**Exercise material:**
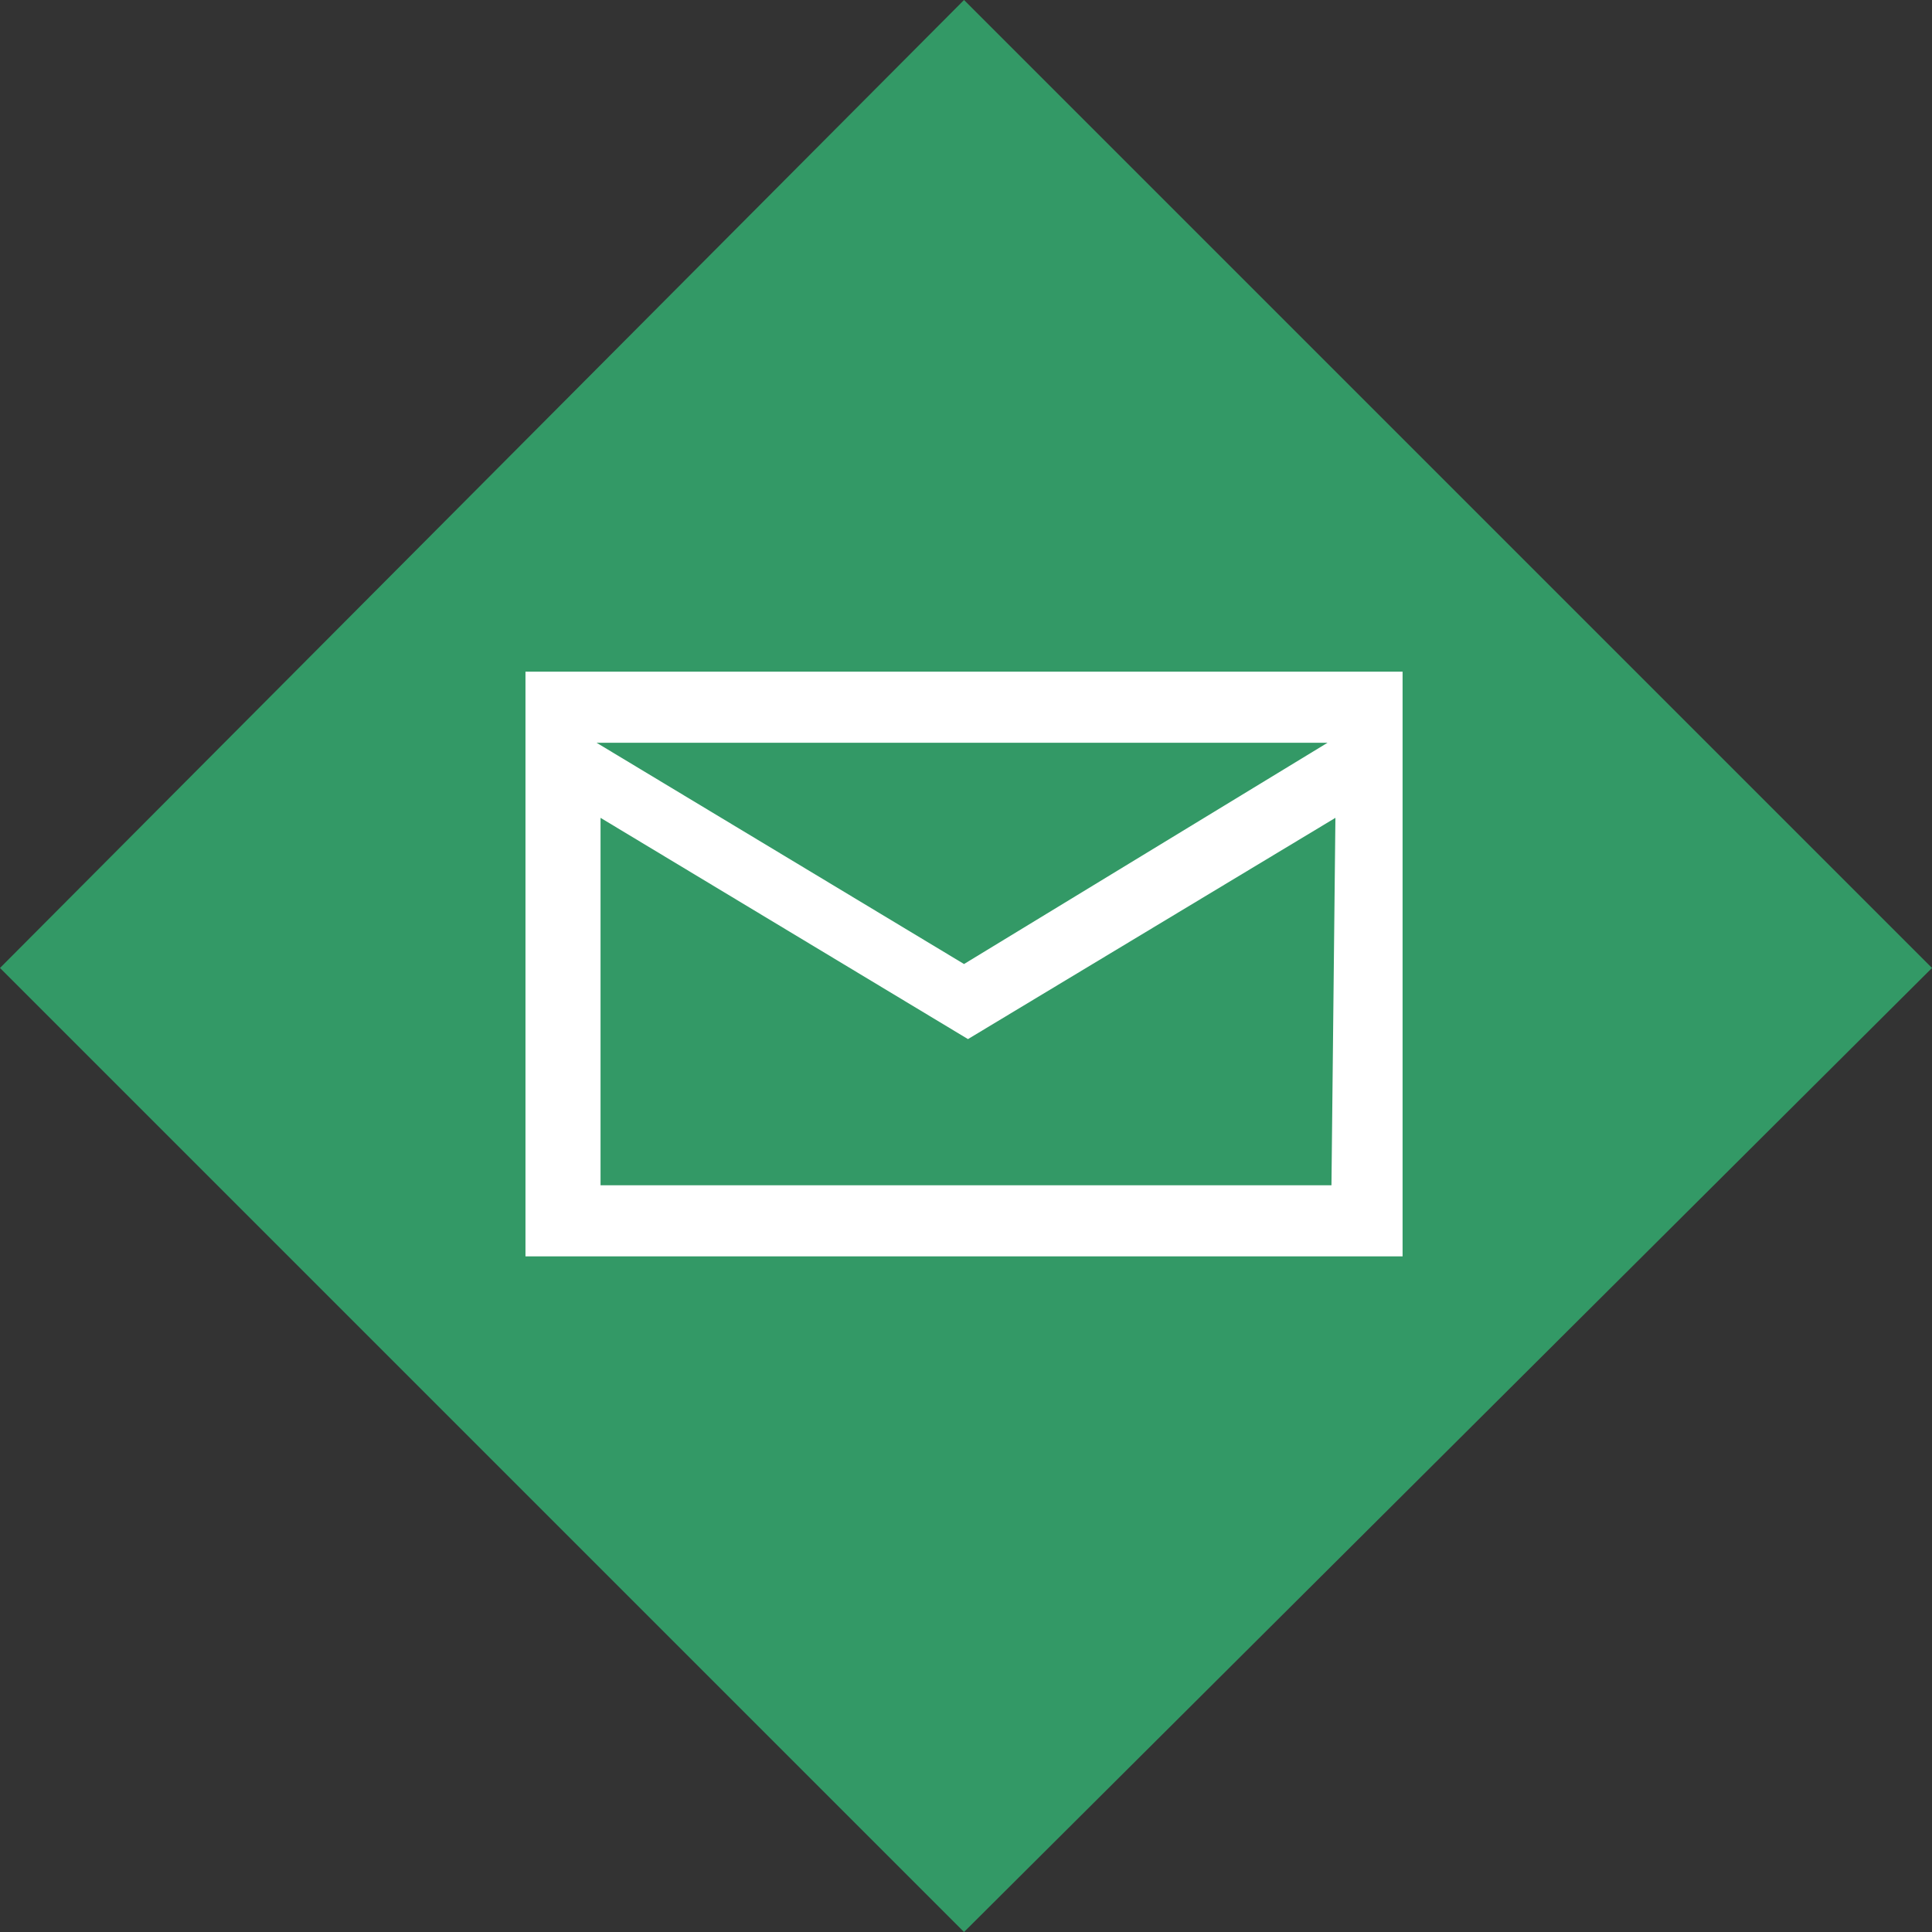 <?xml version="1.0" encoding="utf-8"?>
<!-- Generator: Adobe Illustrator 23.0.0, SVG Export Plug-In . SVG Version: 6.00 Build 0)  -->
<svg version="1.1" id="Calque_1" xmlns="http://www.w3.org/2000/svg" xmlns:xlink="http://www.w3.org/1999/xlink" x="0px" y="0px"
	 viewBox="0 0 48.9 48.9" style="enable-background:new 0 0 48.9 48.9;" xml:space="preserve">
<rect x="0" y="0" width="48.9" height="48.9" fill="#333333" stroke="none"/>
<style type="text/css">
	.st0{display:none;}
	.st1{display:inline;}
	.st2{fill:#4E3D66;}
	.st3{display:inline;fill:#FFFFFF;}
	.st4{fill:#339966;}
	.st5{fill-rule:evenodd;clip-rule:evenodd;fill:#FFFFFF;}
</style>
<g id="Isolation_Mode" class="st0">
	<g class="st1">
		<path class="st2" d="M24.4,48.9L0,24.5L24.4,0l24.5,24.5L24.4,48.9z"/>
	</g>
	<path class="st3" d="M28.4,25.8c-1.1,0.7-1.9,2-2.4,3.2c-3.2-1.4-5.8-4-7.2-7.2c1.2-0.6,2.5-1.3,3.2-2.4c-0.2-2.2-1.4-4.5-3.2-5.6
		c-2.3,1-4,2.9-4,5.6c0,7.2,6.4,13.7,13.2,13.7c2.7,0,5-1.7,6-4C32.9,27.3,30.7,26.1,28.4,25.8"/>
</g>
<g id="Layer_2">
	<g>
		<path class="st4" d="M24.4,48.9L0,24.5L24.4,0l24.5,24.5L24.4,48.9z"/>
	</g>
	<path class="st5" d="M13.3,31.8h22.2V17H13.3V31.8z M33.7,30H15.2v-9.3l9.3,5.6l9.3-5.6L33.7,30L33.7,30z M24.4,24.4l-9.3-5.6h18.5
		L24.4,24.4z"/>
</g>
</svg>

**Action item:** Your task is to transcribe all of the records precisely, with no images included.

**Answer space:**
 <?xml version="1.0" encoding="utf-8"?>
<!-- Generator: Adobe Illustrator 23.0.0, SVG Export Plug-In . SVG Version: 6.00 Build 0)  -->
<svg version="1.1" id="Calque_1" xmlns="http://www.w3.org/2000/svg" xmlns:xlink="http://www.w3.org/1999/xlink" x="0px" y="0px"
	 viewBox="0 0 48.9 48.9" style="enable-background:new 0 0 48.9 48.9;" xml:space="preserve">
<rect x="0" y="0" width="48.9" height="48.9" fill="#333333" stroke="none"/>
<style type="text/css">
	.st0{display:none;}
	.st1{display:inline;}
	.st2{fill:#4E3D66;}
	.st3{display:inline;fill:#FFFFFF;}
	.st4{fill:#339966;}
	.st5{fill-rule:evenodd;clip-rule:evenodd;fill:#FFFFFF;}
</style>
<g id="Isolation_Mode" class="st0">
	<g class="st1">
		<path class="st2" d="M24.4,48.9L0,24.5L24.4,0l24.5,24.5L24.4,48.9z"/>
	</g>
	<path class="st3" d="M28.4,25.8c-1.1,0.7-1.9,2-2.4,3.2c-3.2-1.4-5.8-4-7.2-7.2c1.2-0.6,2.5-1.3,3.2-2.4c-0.2-2.2-1.4-4.5-3.2-5.6
		c-2.3,1-4,2.9-4,5.6c0,7.2,6.4,13.7,13.2,13.7c2.7,0,5-1.7,6-4C32.9,27.3,30.7,26.1,28.4,25.8"/>
</g>
<g id="Layer_2">
	<g>
		<path class="st4" d="M24.4,48.9L0,24.5L24.4,0l24.5,24.5L24.4,48.9z"/>
	</g>
	<path class="st5" d="M13.3,31.8h22.2V17H13.3V31.8z M33.7,30H15.2v-9.3l9.3,5.6l9.3-5.6L33.7,30L33.7,30z M24.4,24.4l-9.3-5.6h18.5
		L24.4,24.4z"/>
</g>
</svg>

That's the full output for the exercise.